I tried to apply this solution (link), but I don't know how to incorporate the distance parameter. The cell value can be taken with df.iloc, but the steps before this are a bit tricky for me.
Can you give me any advice?
EDIT:
Using the solution from Thomas and having df called CO:
p3
0 45
1 580
2 12000
3 12531
4 22456
I'd like to add another column and use the values from p3 columns
CO['new'] = format(sum_neighbors(data, CO['p3']))
But it doesn't work. If I add a number instead of a reference to row CO['p3'] it works like charm.
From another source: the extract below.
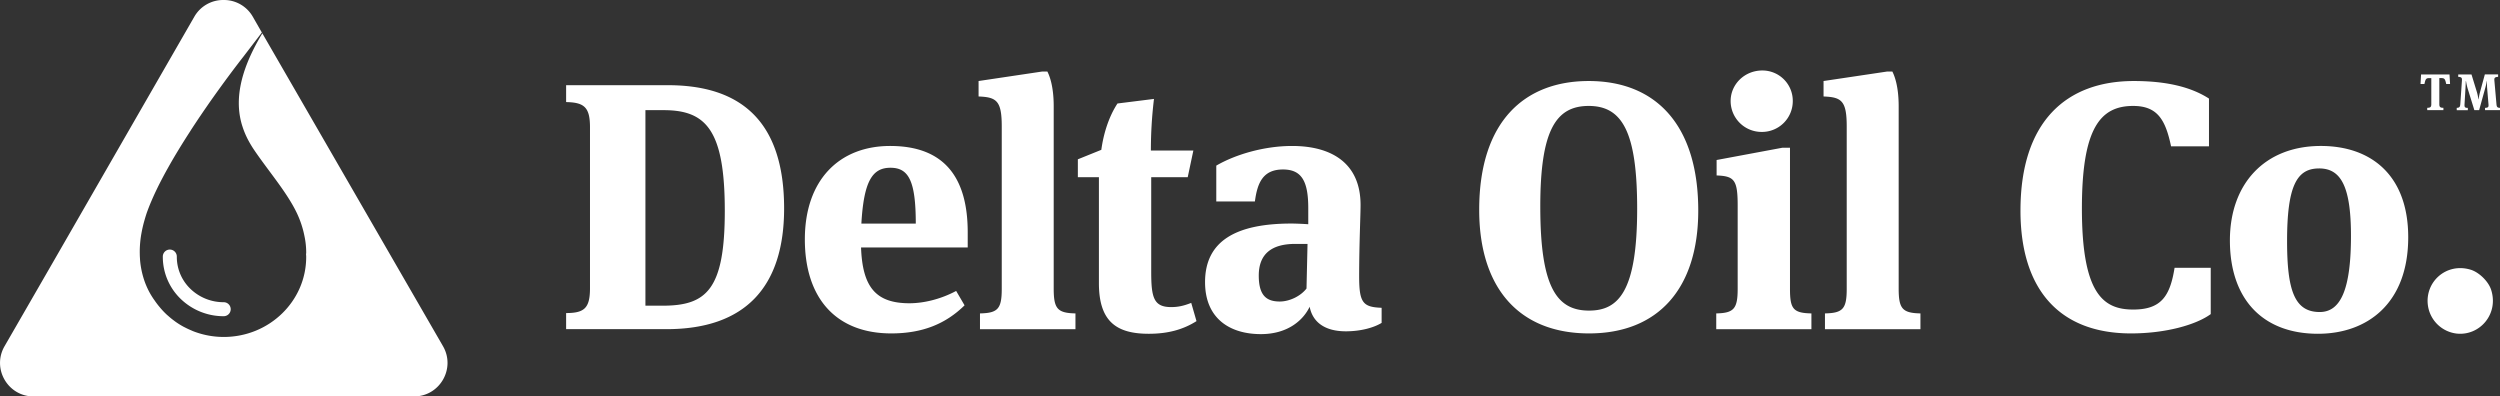 <svg id="Layer_1" data-name="Layer 1" xmlns="http://www.w3.org/2000/svg" viewBox="0 0 2449.74 388.48"><rect x="0" y="0" width="2449.74" height="388.48" fill="#333333" stroke="none"/><defs><style>.cls-1{fill:#fff}</style></defs><g id="WHITE"><path class="cls-1" d="M561 313.28c17.88 0 23.39-4.81 23.39-24.42V131.32c0-19.61-5.51-24.43-23.39-24.77V90h99.75c70.17 0 113.86 34.05 113.86 120.74 0 76.7-37.84 118.32-115.23 118.32H561Zm94.59-7.22c43 0 60.89-15.83 60.89-92.88 0-79.11-18.24-98.72-59.86-98.72h-17.91v191.6ZM943.19 291.61l8.25 14.1c-18.57 18.23-41.27 27.52-71.89 27.52-53.31 0-84.62-33.71-84.62-92.18 0-58.14 33.71-91.5 83.59-91.5 54 0 76 32 76 84.62V249H850c1.38 38.87 14.45 54.69 47.47 54.69 14.42-.04 30.93-4.17 45.72-12.08Zm-92.87-66h53.31c0-41.62-6.88-54.7-24.76-54.7-17.55-.04-26.15 12.69-28.55 54.66ZM1038.78 289.2c0 19.61 3.43 24.08 21.32 24.43v15.47h-93.56v-15.47c17.54-.35 21.33-4.48 21.33-24.08V130.28c0-25.11-5.16-28.55-22.71-29.23V85.91l62.26-9.29h5.16c1.72 3.44 6.2 13.42 6.2 34.06ZM1170.1 180.16h-35.77v92.53c0 25.46 2.41 34.74 19.6 34.74 6.2 0 11.7-1 19.61-4.12l5.16 17.88c-13.07 8.26-27.86 12.39-46.78 12.39-31.3 0-48.84-11.7-48.84-49.54V180.16h-20.64v-17.54l23-9.29c2.07-15.48 7.23-32.33 15.83-45.4l35.77-4.48A419.15 419.15 0 0 0 1134 154h41.63ZM1360.11 308.12v14.79c-7.23 4.47-19.95 8.26-35.09 8.26-21.32 0-32.68-9.63-35.43-24.08-5.84 12.38-20.64 26.83-47.81 26.83-30.61 0-54.69-15.48-54.69-50.91 0-40.59 30.61-57.44 84.62-57.44 4.12 0 12 .34 16.51.68v-15.82c0-26.48-6.54-37.84-24.77-37.84-19.61 0-25.11 13.08-27.52 31.31h-37.84v-35.09c18.24-10.66 46.44-19.26 74.3-19.26 39.56 0 67.08 17.54 67.08 57.79 0 10.32-1.38 38.87-1.38 70.17 0 25.8 3.79 29.92 22.02 30.61Zm-84.62-62.6c-23.39 0-35.77 10-35.77 31 0 19.6 7.56 25.45 20.63 25.45 9 0 20-4.82 26.15-12.73l1-43.68ZM1455.72 212.15c0-87 44.72-126.24 107.32-126.24 66 0 107.33 43.34 107.33 126.93 0 76.71-39.56 120.39-107 120.39-68.78 0-107.65-44.72-107.65-121.08Zm59.86-3.09c0 78.42 15.82 101.81 47.81 101.81 28.89 0 47.12-18.92 47.12-99.75 0-75-14.44-100.79-47.47-100.79-32.33 0-47.46 24.08-47.46 98.73ZM1688 329.1v-15.47c17.2-.35 21-4.48 21-24.08v-81.87c0-25.11-3.44-28.55-20.64-29.24v-15.13l64.33-12h7.57v138.24c0 19.6 3.09 23.73 21 24.08v15.47Zm44.37-193.31a30.32 30.32 0 0 1-30.27-30.27c0-16.51 13.76-29.93 31-29.93a29.73 29.73 0 0 1 29.9 29.93 30.18 30.18 0 0 1-30.66 30.27ZM1866.76 289.2c0 19.61 3.44 24.08 21.33 24.43v15.47h-93.56v-15.47c17.54-.35 21.32-4.48 21.32-24.08V130.28c0-25.11-5.15-28.55-22.7-29.23V85.91l62.26-9.29h5.16c1.72 3.44 6.19 13.42 6.19 34.06ZM1986.12 212.84c0-87.37 45.06-126.93 111.1-126.93 33.71 0 57.1 6.54 73.61 17.2v46.78h-37.15c-5.5-26.14-13.41-39.56-37.15-39.56-32.33 0-50.22 22-50.22 100.45 0 83.24 20.64 99.06 50.22 99.06 27.18 0 36.12-12.73 40.59-40.93h35.43v45.4c-14.1 10.32-43.68 18.92-78.08 18.92-70.17 0-108.35-43-108.35-120.39ZM2277.67 333.58c-54 0-86.34-33.71-86.34-91.5 0-55.73 34.39-92.53 89.09-92.53 49.87 0 85.65 29.24 85.65 89.43 0 65.36-40.59 94.6-88.4 94.6Zm1-162c-21.67 0-31.31 16.86-31.31 71.21 0 48.15 7.23 69.48 32 69.48 20.29 0 30.61-21.67 30.61-74.64.03-49.9-10.63-66.07-31.27-66.07ZM2413.56 333.39a32.22 32.22 0 0 1-28.24-27.89c-2.92-22.66 17.9-41.84 41.76-34.75 8.33 2.47 17.53 11.43 20.21 19.69 7.71 23.72-11.16 45.39-33.73 42.95ZM2406.52 79.47l.55 9.37h-3.77c-1-4.33-1.36-5.79-4.58-5.79h-2.17v25.52c0 2.92 1 3.58 4 3.58v2.31h-15.86v-2.31c3 0 4-.66 4-3.58V83.05h-2.17c-3.27 0-3.57 1.46-4.58 5.79h-3.83l.56-9.37ZM2454.14 81.84c-3.53.2-3.88 1.21-3.63 3.82l2 22.66c.25 2.82.65 3.78 3.47 3.88v2.26h-14.65v-2.26c3.27-.1 3.62-.91 3.37-3.63l-1.36-16.26c-.1-1.36-.15-3.83-.15-5.14v-1.1h-.19a56.53 56.53 0 0 1-1.21 5.79l-6.24 22.6h-4.68l-6.6-21.29a62.81 62.81 0 0 1-1.56-7.15h-.25c-.05 1.31-.15 4.53-.3 7l-.91 15.55c-.15 2.77.15 3.68 3.22 3.68v2.26h-10.87v-2.31c2.82-.1 3.32-1 3.52-4l1.56-22.56c.15-2.46.05-3.67-3.62-3.82v-2.35h13l5.38 17.53a42.52 42.52 0 0 1 1.36 6.8h.21c.2-1.11.65-4.23 1.35-6.8l4.79-17.57h13ZM440.33 345.7l-177-306.51c-24.48 40.43-26.46 68.9-19.7 90.64l.05.1a78.88 78.88 0 0 0 4.63 11.59l.06.14c.82 1.66 1.7 3.27 2.6 4.86.11.18.21.38.32.56 1 1.7 2 3.36 3.08 5 2.86 4.32 6 8.69 9.19 13.08 12.2 16.71 25.92 33.83 33.83 50.67a95.87 95.87 0 0 1 7.2 22A77.22 77.22 0 0 1 306.3 255l-.17.06c.05 1.09.17 2.16.17 3.26 0 43.29-36.19 78.38-80.82 78.38a82.43 82.43 0 0 1-29.32-5.39c-1.09-.41-2.13-.9-3.2-1.36q-2.4-1-4.71-2.19c-1-.52-2.08-1-3.09-1.6-2.2-1.23-4.32-2.56-6.38-4-.81-.56-1.58-1.15-2.36-1.73q-2.61-1.94-5-4.06c-.5-.45-1-.86-1.53-1.32a80.05 80.05 0 0 1-5.74-5.91c-.47-.53-.92-1.07-1.37-1.62a78.57 78.57 0 0 1-5.2-6.85c-.75-1-1.57-2.25-2.4-3.55l-.48-.77c-.86-1.39-1.74-2.92-2.62-4.62-.06-.12-.12-.25-.19-.37-.9-1.77-1.79-3.69-2.64-5.77a.77.77 0 0 1-.07-.16q-1.32-3.23-2.44-6.95l-.12-.43a84.93 84.93 0 0 1-3.15-17.1v-.35a101.72 101.72 0 0 1 1.53-26.27l.33-1.73q.56-2.76 1.26-5.61c.25-1 .51-2 .79-3 1-3.53 2-7.13 3.42-10.88.79-2.17 1.66-4.39 2.58-6.63.29-.71.6-1.42.89-2.13.68-1.6 1.37-3.2 2.1-4.83.35-.79.71-1.58 1.07-2.38q1.2-2.61 2.49-5.26c.29-.61.57-1.21.88-1.83q1.74-3.54 3.61-7.13l.92-1.75q1.47-2.8 3-5.62l1.36-2.47c1-1.72 1.93-3.45 2.91-5.17l1.34-2.36q1.91-3.3 3.87-6.62l.44-.73c1.47-2.47 3-4.94 4.48-7.4l1.28-2.06q1.7-2.75 3.42-5.47l1.38-2.18q1.82-2.85 3.64-5.66c.34-.54.69-1.07 1-1.61q2.39-3.66 4.77-7.25l.17-.25c1.52-2.29 3-4.53 4.54-6.75.33-.5.67-1 1-1.49 1.31-1.92 2.6-3.81 3.89-5.68.26-.36.51-.73.76-1.1 4.82-7 9.43-13.43 13.67-19.29 13-17.93 22.37-29.8 22.37-29.8l18.23-23.82L254 22.94a32.54 32.54 0 0 0-28.68-16.42 32.55 32.55 0 0 0-28.67 16.42L58.76 262.48l-48 83.22c-12.7 21.91 3.12 49.3 28.42 49.3h372.69c25.3 0 41.13-27.39 28.46-49.3Z" transform="translate(-6.26 -6.52)"/><path class="cls-1" d="M179.51 258.45v-.16a6.86 6.86 0 1 0-13.71-.3v.31a57.21 57.21 0 0 0 17.55 41.14 60.4 60.4 0 0 0 42.12 16.93 6.86 6.86 0 1 0 0-13.72 46.61 46.61 0 0 1-32.57-13.06 43.38 43.38 0 0 1-13.38-31.29Z" transform="translate(-6.26 -6.52)"/></g></svg>

But how can I use values from p3 column automatically in format function?
SOLVED:
It worked with:
CO['new'] = CO.apply(lambda row: sum_neighbors(data, row.p3), axis=1)
Solution:
import numpy as np
import pandas
# Generating toy data
N = 10
data = pandas.DataFrame({'p3': np.random.randn(N)})
print(data)
# Finding neighbours
get_candidates = lambda i: [i-500+1, i-500-1, i-1, i+1, i+500+1, i+500-1]
filter = lambda neighbors, N: [n for n in neighbors if 0<=n<N]
get_neighbors = lambda i, N: filter(get_candidates(i), N)
print("Neighbors of 5: {}".format(get_neighbors(5, len(data))))
# Summing p3 on neighbors
def sum_neighbors(data, i, col='p3'):
return data.iloc[get_neighbors(i, len(data))][col].sum()
print("p3 sum on neighbors of 5: {}".format(sum_neighbors(data, 5)))
Output:
p3
0 -1.106541
1 -0.760620
2 1.282252
3 0.204436
4 -1.147042
5 1.363007
6 -0.030772
7 -0.461756
8 -1.110459
9 -0.491368
Neighbors of 5: [4, 6]
p3 sum on neighbors of 5: -1.1778133703169344
Notes:
I assumed p1 was range(N) as seemed to be implied (so we don't need it at all).
I don't think that 505 is a neighbour of 5 given the list of neighbors of i defined by the OP.